What makes Bombay the ‘city of dreams’ is not just its endless opportunities but a collective public imagination that holds within itself the desires, aspirations, and fascinations of millions of people that have attempted to leave behind a mark in this megalopolis.

From high-reaching skylines to thronging bylanes, Bombay has a place for everyone with a dream to materialise and a story to share. Ever since the city’s inception in 1668, there have been several thinkers, artists, creatives, and planners who have tried to visualise what this ideal city of dreams would look like.

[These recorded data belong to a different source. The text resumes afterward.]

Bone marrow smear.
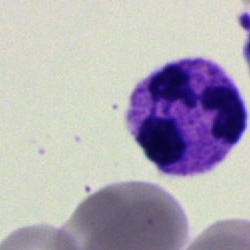 This is a segmented neutrophil.
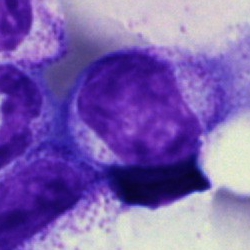

Specimen: bone marrow aspirate smear.
Morphological class: myelocyte.
Lineage: myeloid.
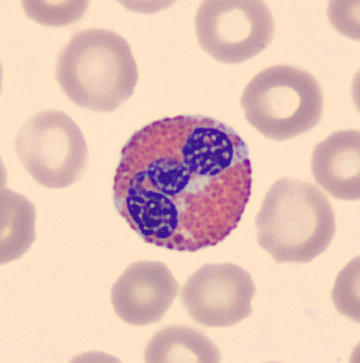 An eosinophil.

Bombay Imagined: An Illustrated History Of An Unbuilt City is an archive of 200 unrealised urban visions collected by architect and urban planner, Robert Stephens.

These visual aspirations include humane housing, expanded parks, sanitation systems, and more. The ideas are preserved and illustrated through maps, creatives, and other forms of visual expressions of a city’s lost futures.

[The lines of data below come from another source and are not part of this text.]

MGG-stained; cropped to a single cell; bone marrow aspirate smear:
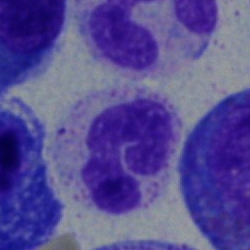

{"cell_type": "polymorphonuclear neutrophil"}
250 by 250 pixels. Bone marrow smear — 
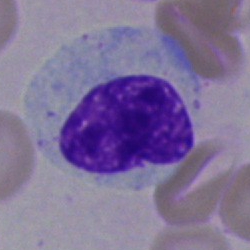 Cell: metamyelocyte.

The collection which took over seven years to compile contains excerpts and chapters that spans over 400 years right from the late 1600s to the 21st century. Each excerpt expels a vision for a futuristic Bombay that is ambitious yet rooted in the local culture and context that engulfed the city in that given period of time.

Some aspects of the book also give a brief insight into the neighbourhoods that perished in the sands of time while others mark the transition of certain nooks and corners that evolved gracefully over time. The book which is available for pre-order here, will be officially released in March 2022.